== What is required ==
Everything in the listing below from the line containing "Date: late 17th–early 18th century" through the line containing "Description: Designs for" must be repeated exactly; the remaining lines are not wanted.

== Record extracts ==
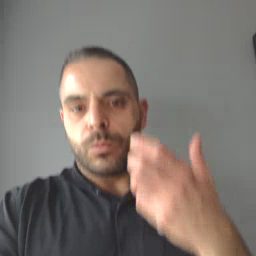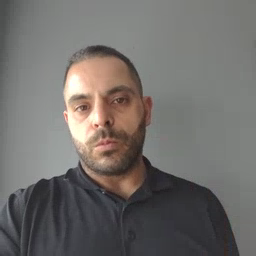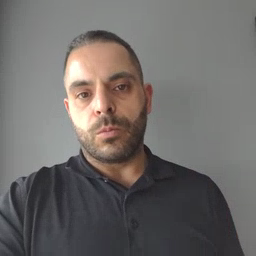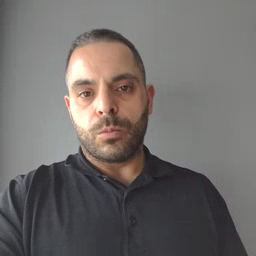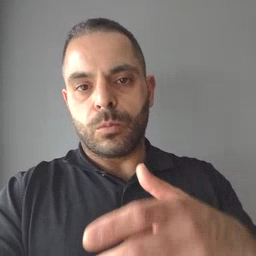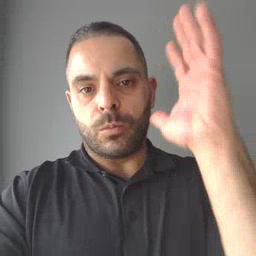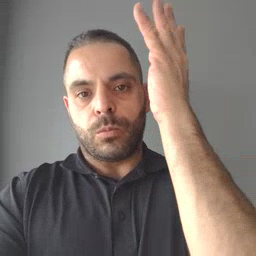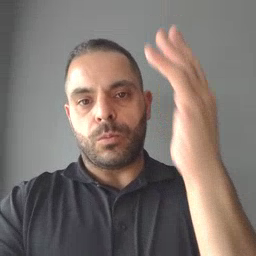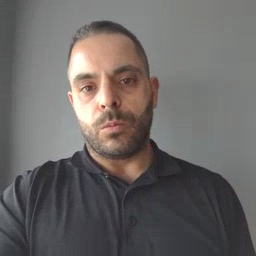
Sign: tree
...
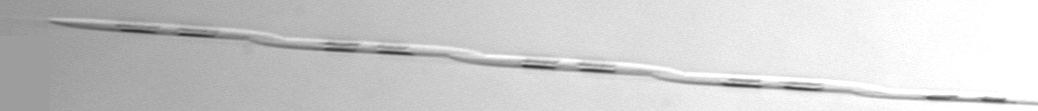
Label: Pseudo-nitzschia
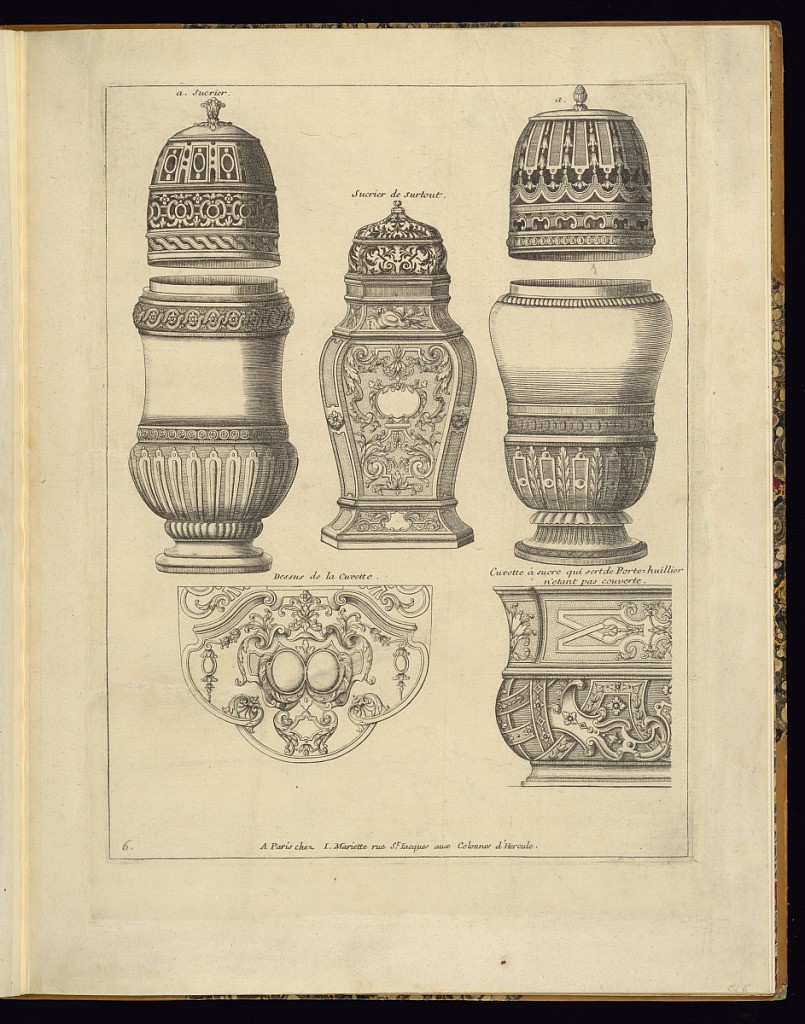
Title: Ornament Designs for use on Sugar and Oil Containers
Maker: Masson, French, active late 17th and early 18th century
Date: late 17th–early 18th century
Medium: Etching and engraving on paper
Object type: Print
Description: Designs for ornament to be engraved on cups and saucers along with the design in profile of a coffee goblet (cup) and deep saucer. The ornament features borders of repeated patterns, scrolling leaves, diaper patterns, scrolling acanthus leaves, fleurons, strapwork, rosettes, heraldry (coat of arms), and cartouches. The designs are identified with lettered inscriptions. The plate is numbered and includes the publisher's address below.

== Exercise answer ==
Date: late 17th–early 18th century
Medium: Etching and engraving on paper
Object type: Print
Description: Designs for ornament to be engraved on cups and saucers along with the design in profile of a coffee goblet (cup) and deep saucer. The ornament features borders of repeated patterns, scrolling leaves, diaper patterns, scrolling acanthus leaves, fleurons, strapwork, rosettes, heraldry (coat of arms), and cartouches. The designs are identified with lettered inscriptions. The plate is numbered and includes the publisher's address below.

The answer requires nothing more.